Drop the pictures, then repeat every record exactly as it stands.
*** Extracted material ***
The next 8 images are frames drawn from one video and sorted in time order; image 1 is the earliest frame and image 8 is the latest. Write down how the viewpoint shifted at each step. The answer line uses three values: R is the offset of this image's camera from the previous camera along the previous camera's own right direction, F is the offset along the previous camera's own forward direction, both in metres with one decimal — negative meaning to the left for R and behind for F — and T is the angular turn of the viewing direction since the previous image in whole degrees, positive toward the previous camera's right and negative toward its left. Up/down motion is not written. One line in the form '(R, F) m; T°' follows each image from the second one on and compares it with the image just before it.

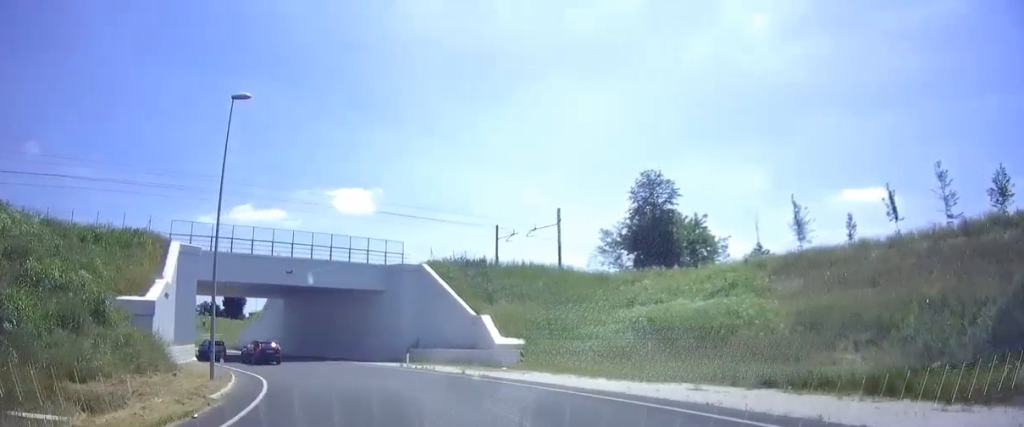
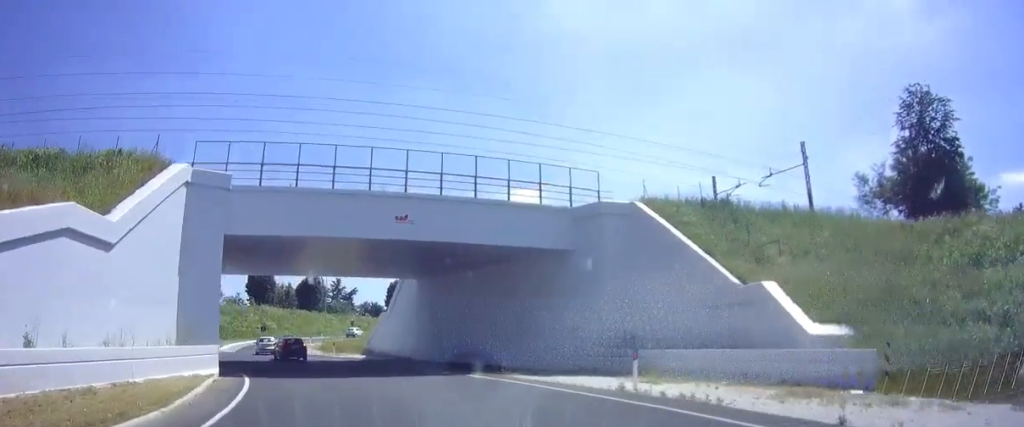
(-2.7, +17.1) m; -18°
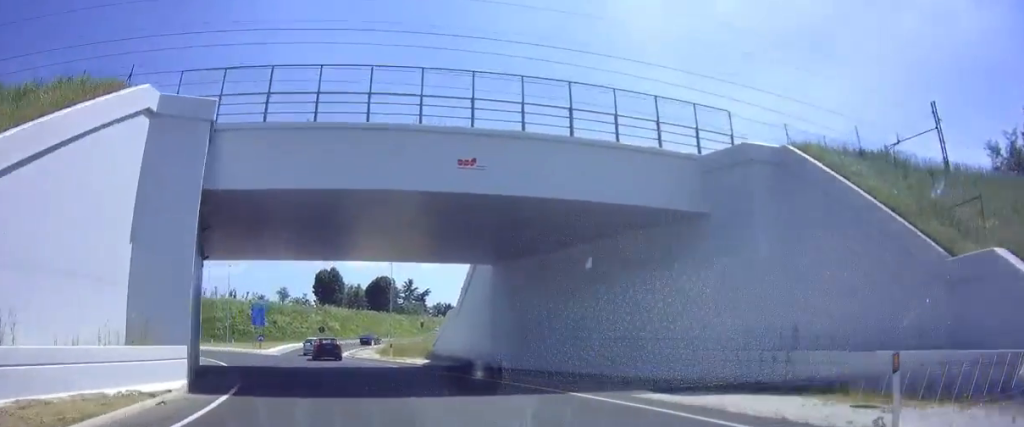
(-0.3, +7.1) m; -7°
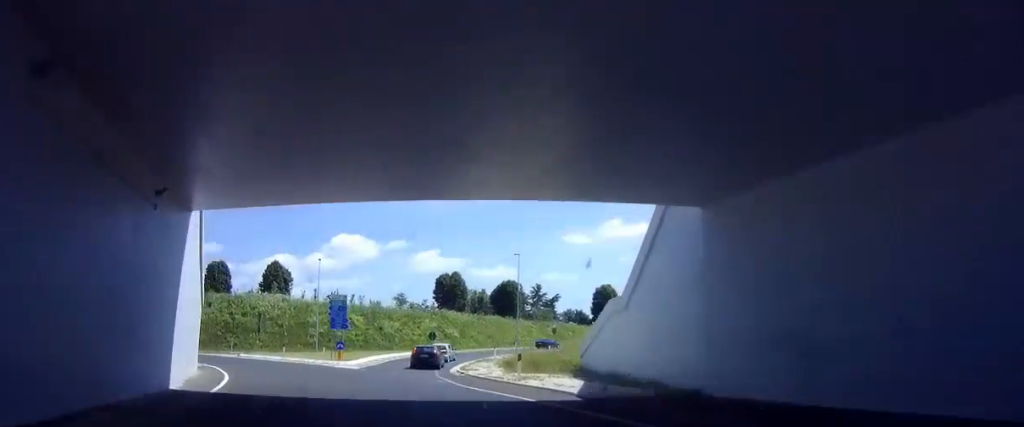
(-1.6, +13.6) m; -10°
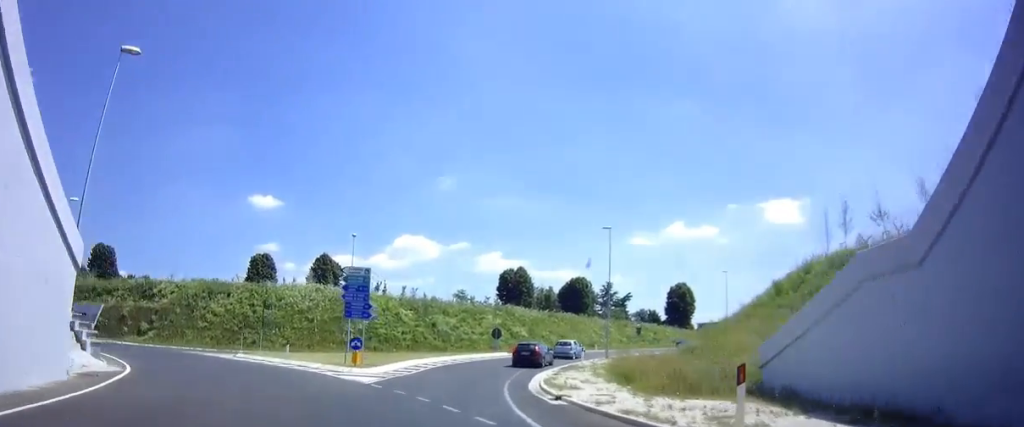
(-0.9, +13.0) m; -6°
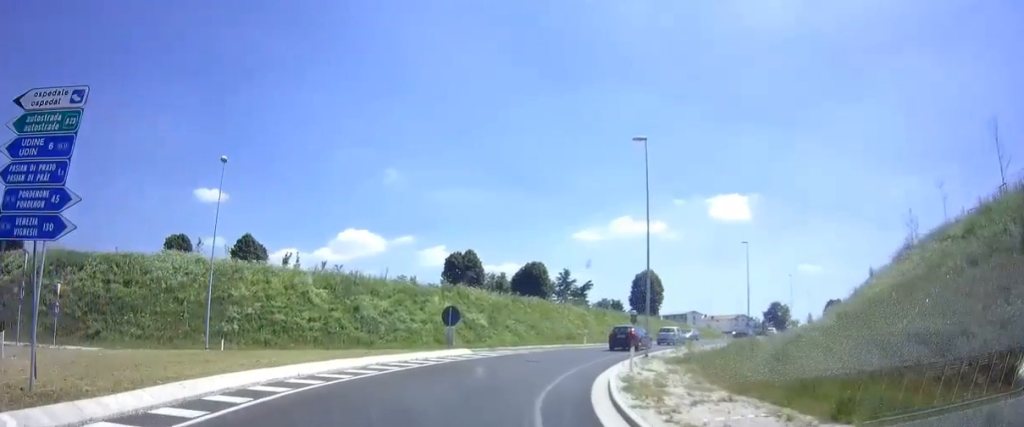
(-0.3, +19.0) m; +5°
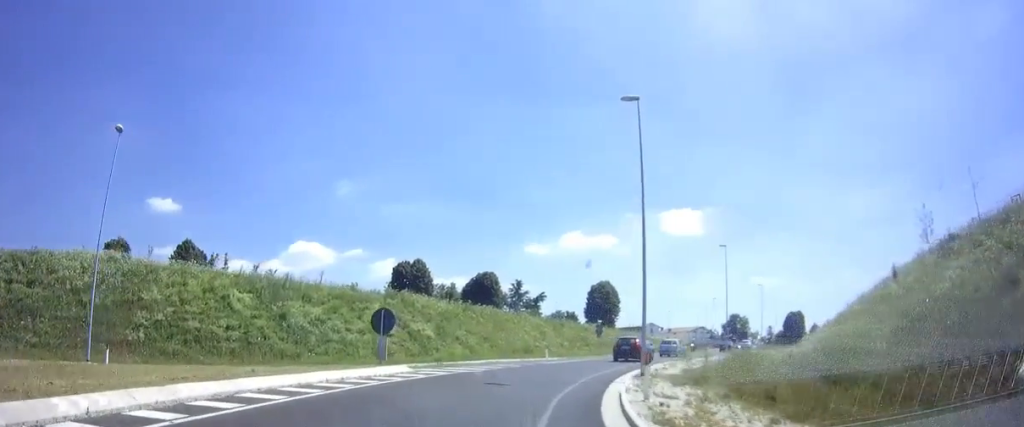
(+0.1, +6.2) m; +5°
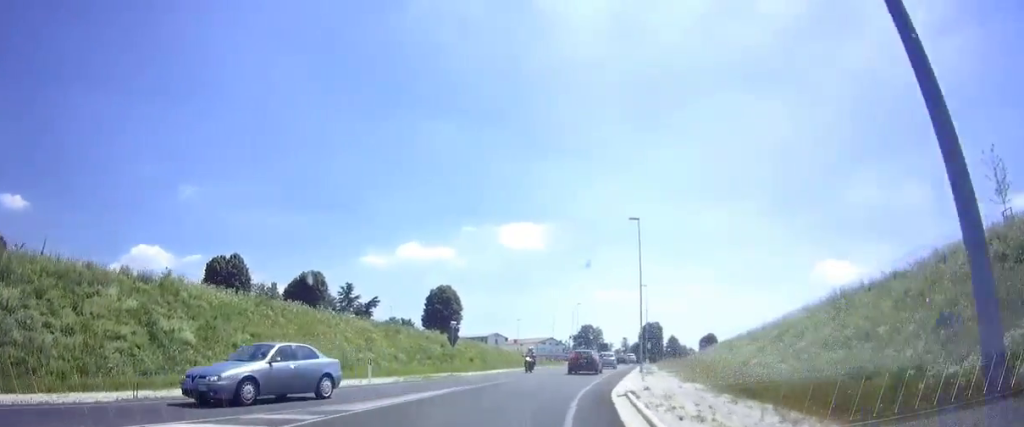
*** End of Extracted material ***
▸ **Output for this exercise**
The next 8 images are frames drawn from one video and sorted in time order; image 1 is the earliest frame and image 8 is the latest. Write down how the viewpoint shifted at each step. The answer line uses three values: R is the offset of this image's camera from the previous camera along the previous camera's own right direction, F is the offset along the previous camera's own forward direction, both in metres with one decimal — negative meaning to the left for R and behind for F — and T is the angular turn of the viewing direction since the previous image in whole degrees, positive toward the previous camera's right and negative toward its left. Up/down motion is not written. One line in the form '(R, F) m; T°' follows each image from the second one on and compares it with the image just before it.

(-2.7, +17.1) m; -18°
(-0.3, +7.1) m; -7°
(-1.6, +13.6) m; -10°
(-0.9, +13.0) m; -6°
(-0.3, +19.0) m; +5°
(+0.1, +6.2) m; +5°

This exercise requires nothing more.